El economista Alejando Barrios, en ejercicio autocrítico, coloca las culpas por el pacto buitre en el FpV-PJ. Mejor dicho, en quienes, a su juicio, no hicieron lo suficiente por el triunfo de Daniel Scioli en 2015. La gente votó liberales para solucionar este asunto, y así proceden ellos, razona.
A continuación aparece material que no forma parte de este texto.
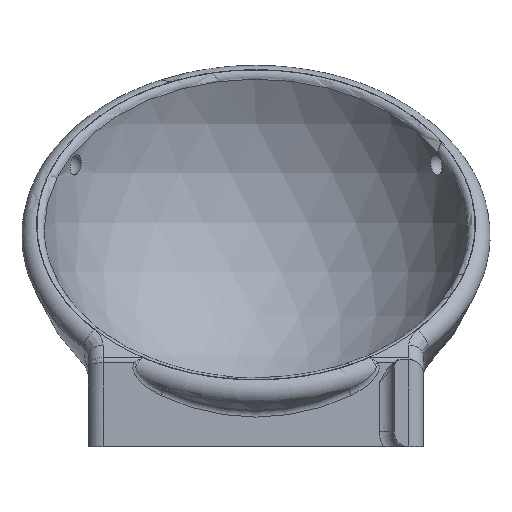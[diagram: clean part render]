
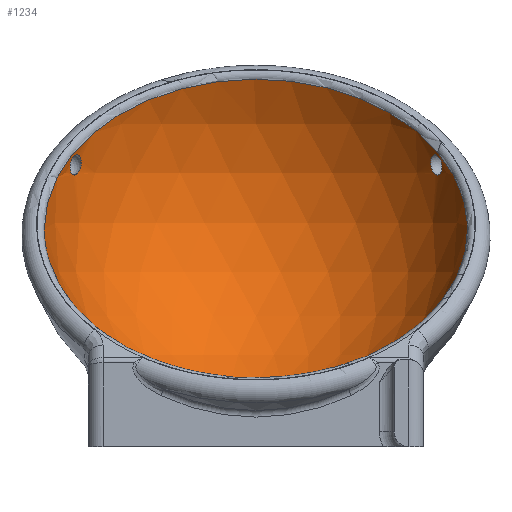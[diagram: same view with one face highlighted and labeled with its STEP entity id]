
A CAD part, front view. The second image highlights one B-rep face of the part: STEP entity #1234.
In plain terms, the highlighted spherical face has radius 29.37 mm.
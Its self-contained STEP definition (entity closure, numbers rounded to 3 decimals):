
#28=FACE_BOUND('',#354,.T.);
#29=FACE_BOUND('',#355,.T.);
#30=FACE_BOUND('',#356,.T.);
#211=SPHERICAL_SURFACE('',#1375,29.37);
#267=FACE_OUTER_BOUND('',#353,.T.);
#353=EDGE_LOOP('',(#1012,#1013,#1014,#1015,#1016));
#354=EDGE_LOOP('',(#1017));
#355=EDGE_LOOP('',(#1018));
#356=EDGE_LOOP('',(#1019));
#481=CIRCLE('',#1372,28.741);
#482=CIRCLE('',#1373,28.741);
#484=CIRCLE('',#1376,29.37);
#485=CIRCLE('',#1377,8.5);
#486=CIRCLE('',#1378,1.393);
#487=CIRCLE('',#1379,1.393);
#488=CIRCLE('',#1380,1.393);
#599=VERTEX_POINT('',#2524);
#600=VERTEX_POINT('',#2525);
#601=VERTEX_POINT('',#2530);
#602=VERTEX_POINT('',#2533);
#603=VERTEX_POINT('',#2535);
#604=VERTEX_POINT('',#2537);
#752=EDGE_CURVE('',#599,#600,#481,.T.);
#753=EDGE_CURVE('',#600,#599,#482,.T.);
#755=EDGE_CURVE('',#600,#601,#484,.T.);
#756=EDGE_CURVE('',#601,#601,#485,.T.);
#757=EDGE_CURVE('',#602,#602,#486,.T.);
#758=EDGE_CURVE('',#603,#603,#487,.T.);
#759=EDGE_CURVE('',#604,#604,#488,.T.);
#1012=ORIENTED_EDGE('',*,*,#752,.F.);
#1013=ORIENTED_EDGE('',*,*,#753,.F.);
#1014=ORIENTED_EDGE('',*,*,#755,.T.);
#1015=ORIENTED_EDGE('',*,*,#756,.T.);
#1016=ORIENTED_EDGE('',*,*,#755,.F.);
#1017=ORIENTED_EDGE('',*,*,#757,.T.);
#1018=ORIENTED_EDGE('',*,*,#758,.T.);
#1019=ORIENTED_EDGE('',*,*,#759,.T.);
#1234=ADVANCED_FACE('',(#267,#28,#29,#30),#211,.F.);
#1372=AXIS2_PLACEMENT_3D('',#2526,#1654,#1655);
#1373=AXIS2_PLACEMENT_3D('',#2527,#1656,#1657);
#1375=AXIS2_PLACEMENT_3D('',#2529,#1660,#1661);
#1376=AXIS2_PLACEMENT_3D('',#2531,#1662,#1663);
#1377=AXIS2_PLACEMENT_3D('',#2532,#1664,#1665);
#1378=AXIS2_PLACEMENT_3D('',#2534,#1666,#1667);
#1379=AXIS2_PLACEMENT_3D('',#2536,#1668,#1669);
#1380=AXIS2_PLACEMENT_3D('',#2538,#1670,#1671);
#1654=DIRECTION('center_axis',(0.,0.707,-0.707));
#1655=DIRECTION('ref_axis',(0.,-0.707,-0.707));
#1656=DIRECTION('center_axis',(0.,0.707,-0.707));
#1657=DIRECTION('ref_axis',(0.,-0.707,-0.707));
#1660=DIRECTION('center_axis',(0.,0.,1.));
#1661=DIRECTION('ref_axis',(1.,0.,0.));
#1662=DIRECTION('center_axis',(0.,-1.,0.));
#1663=DIRECTION('ref_axis',(-1.,0.,0.));
#1664=DIRECTION('center_axis',(0.,0.,-1.));
#1665=DIRECTION('ref_axis',(1.,0.,0.));
#1666=DIRECTION('center_axis',(0.,-0.491,
-0.871));
#1667=DIRECTION('ref_axis',(0.,-0.871,0.491));
#1668=DIRECTION('center_axis',(-0.834,0.53,0.151));
#1669=DIRECTION('ref_axis',(-0.233,-0.586,0.776));
#1670=DIRECTION('center_axis',(0.834,0.53,0.151));
#1671=DIRECTION('ref_axis',(0.233,-0.586,0.776));
#2524=CARTESIAN_POINT('',(-28.741,4.274,29.551));
#2525=CARTESIAN_POINT('',(-28.099,0.,25.277));
#2526=CARTESIAN_POINT('Origin',(0.,4.274,29.551));
#2527=CARTESIAN_POINT('Origin',(0.,4.274,29.551));
#2529=CARTESIAN_POINT('Origin',(0.,0.,33.825));
#2530=CARTESIAN_POINT('',(-8.5,0.,5.712));
#2531=CARTESIAN_POINT('Origin',(0.,0.,33.825));
#2532=CARTESIAN_POINT('Origin',(0.,0.,5.712));
#2533=CARTESIAN_POINT('',(-1.324,-14.79,8.485));
#2534=CARTESIAN_POINT('Origin',(0.,-14.413,
8.273));
#2535=CARTESIAN_POINT('',(-23.912,16.118,39.393));
#2536=CARTESIAN_POINT('Origin',(-24.474,15.561,38.247));
#2537=CARTESIAN_POINT('',(25.236,14.496,37.771));
#2538=CARTESIAN_POINT('Origin',(24.474,15.561,38.247));

Esto se habría evitado militando más y mejor al candidato propio en las elecciones presidenciales
El economista kirchnerista Alejando Barrios, de respetabilísima trayectoria y formación, en ejercicio autocrítico, coloca las culpas por el pacto buitre en el FpV-PJ. Mejor dicho, en quienes, a su juicio, no hicieron lo suficiente por el triunfo de Daniel Scioli en 2015. La gente votó liberales para solucionar este asunto, y así proceden ellos, razona. Esto se habría evitado militando más y mejor al candidato propio en las elecciones presidenciales.
Es bastante dudoso que la gente haya votado esto, más allá de que la sucesión de hechos relatada por Barrios es tal cual, y que la reflexión interna nunca será poca por los errores que dieron lugar a una alternativa que vino a resolver por las malas lo que el kirchnerismo debió haber encarado con cuidado de los sectores populares. Pero, de hecho, el capítulo buitre fue de los pocos que cortaron transversalmente a la sociedad a favor de la tesitura que entonces guiara el comportamiento de la ex presidenta CFK. Y es dudoso que su cierre formara parte de las prioridades de algún votante; sea de Macri, ora de Scioli. Además, Cambiemos basó su campaña electoral en desmentir lo que llamó campaña del miedo del kirchnerismo en su contra; básicamente, el pronóstico casi exacto de los días que hoy atravesamos.
El paisaje institucional argentino se compone de mucho más que el sufragio de aquella segunda vuelta. La representatividad del 49% derrotado tiene basamentos mucho más sólidos que la cifra en sí. Cuesta entender los motivos que llevaron a los depositarios de esos intereses prefirieron abstenerse en el uso de sus facultades para, por lo menos, condicionar en algo un acuerdo respecto del cual incluso hubo competencia entre ellos mismos para vituperarlo. El giro republicano borró los disensos en esta materia; que, a no dudarlo, los hay de sobra.
La lógica de Giménez es impecable, salvo por el detalle de los costos humanos que supondrá.